AIM OF THE EXERCISE:
Determine the number of lines in the data that contain "type", and write only that number.

Stored data:
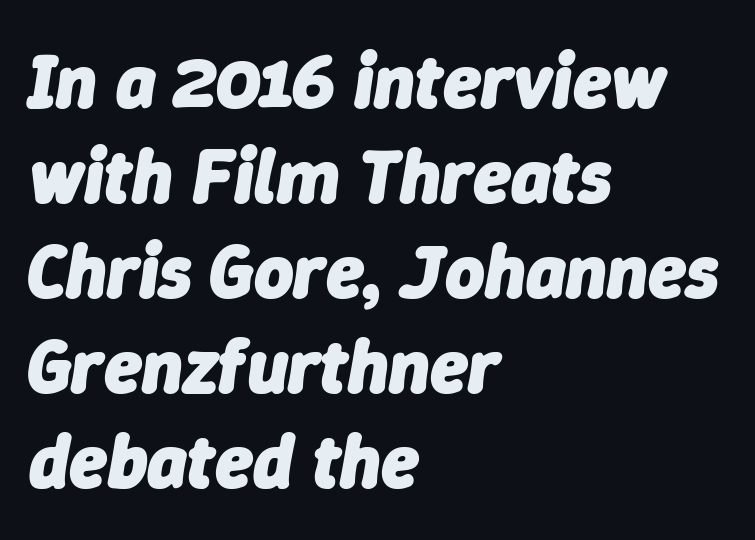
Q: Is the text bold? A: Yes.
Q: Is the text italic (slanted)? A: Yes, it leans right by about 9 degrees.
Q: Is the text underlined? A: No.
Q: How is the paragraph aligned? A: Left-aligned.
Q: Is the spacing between letters normal or unusually wide? A: Normal.
Q: Is the spacing between lines tight, normal or loose? A: Normal.
Q: Width (condensed, normal, or wide)? A: Normal.
Q: Stroke contrast? A: Low.
Q: x-height? A: Medium.
Q: Monospaced? A: No.
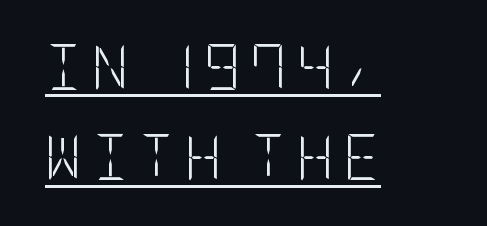
The image shows 45 px light, condensed sans-serif type, upright; set left-aligned, loose line spacing (2.01x), unusually wide letter spacing (+0.22 em), underlined; low stroke contrast and a large x-height.
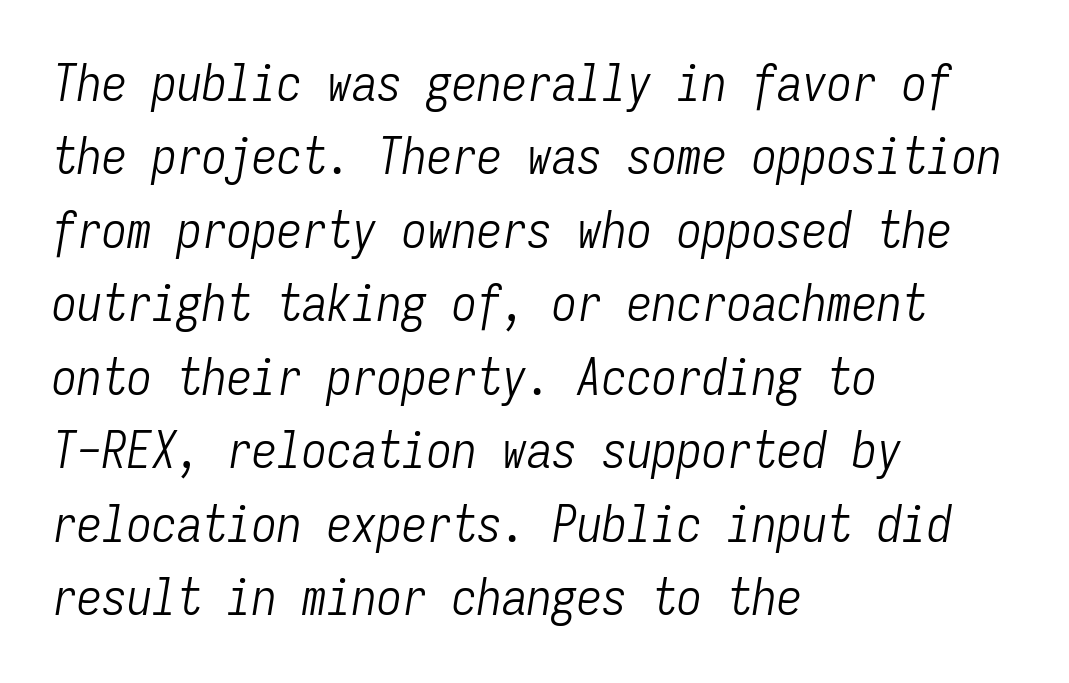
Which margin do the lines hug? The left one — the right edge is uneven. Letters have the restrained weight of plain body copy at most. A normal amount of white space separates one row of letters from the next. Here the designer chose a console-style face with uniform glyph widths. The glyphs are unaccompanied by any horizontal stroke below them.
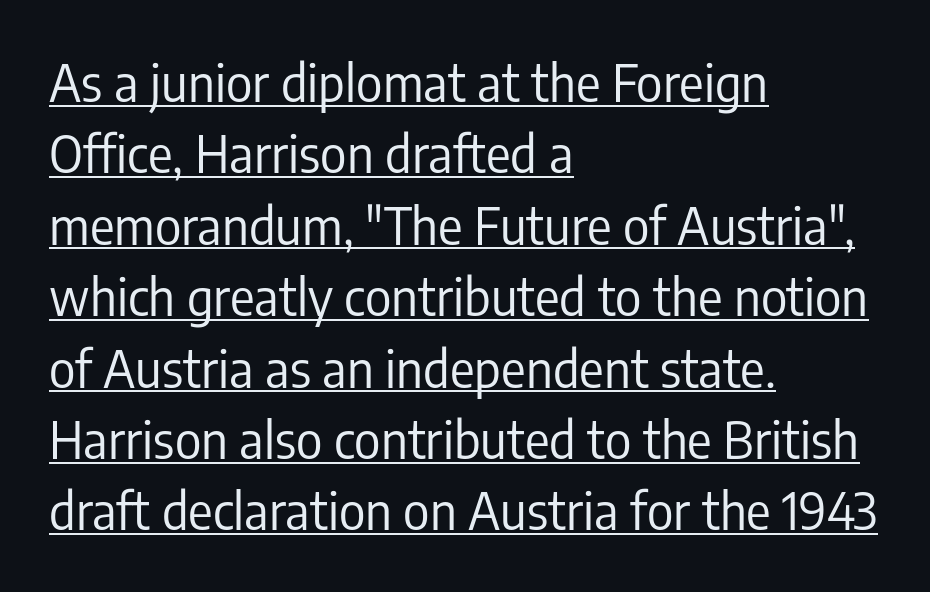
The image shows 51 px regular-weight, condensed sans-serif type, upright; set left-aligned, normal line spacing (1.4x), normal letter spacing, underlined; low stroke contrast and a medium x-height.
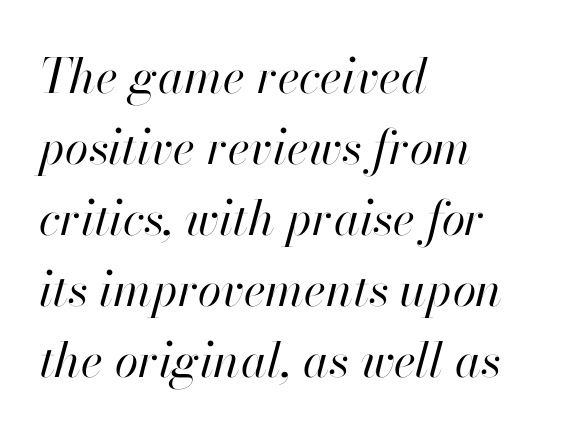
The image shows 48 px regular-weight type, italic (leaning right); set left-aligned, normal line spacing (1.48x), normal letter spacing, not underlined; high stroke contrast and a small x-height.
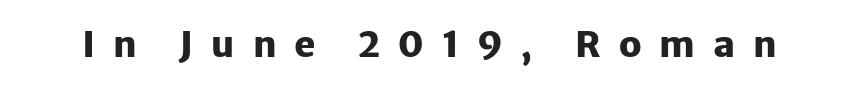
The image shows 36 px heavy sans-serif type, upright; set unusually wide letter spacing (+0.5 em), not underlined; low stroke contrast and a medium x-height.
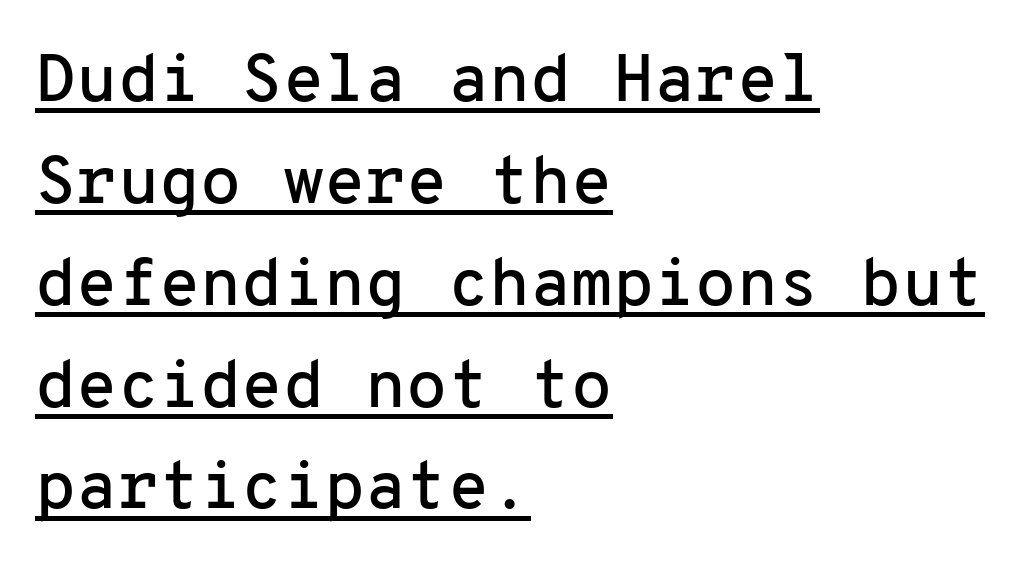
Honestly, the row spacing looks completely unremarkable. Is there any slant? The stems are plumb. This rendering employs a face without finishing strokes, i.e., a sans-serif. These lines are rendered in a fixed-pitch font.
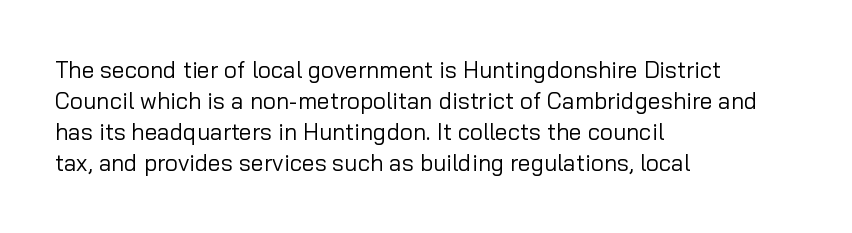
Q: Is the text bold? A: No.
Q: Is the text italic (slanted)? A: No, it is upright.
Q: Is the text underlined? A: No.
Q: How is the paragraph aligned? A: Left-aligned.
Q: Is the spacing between letters normal or unusually wide? A: Normal.
Q: Is the spacing between lines tight, normal or loose? A: Normal.
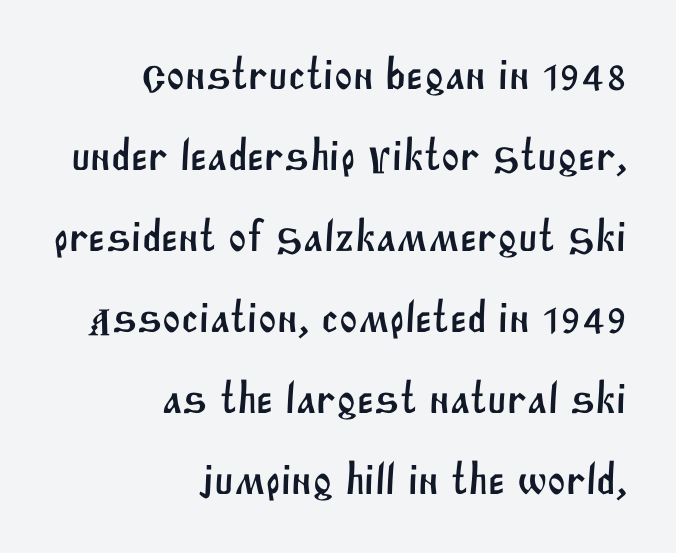
The image shows 44 px sans-serif type; set right-aligned, line spacing 1.84x, normal letter spacing, not underlined; medium stroke contrast and a large x-height.

ANSWER FOR THIS EXERCISE:
5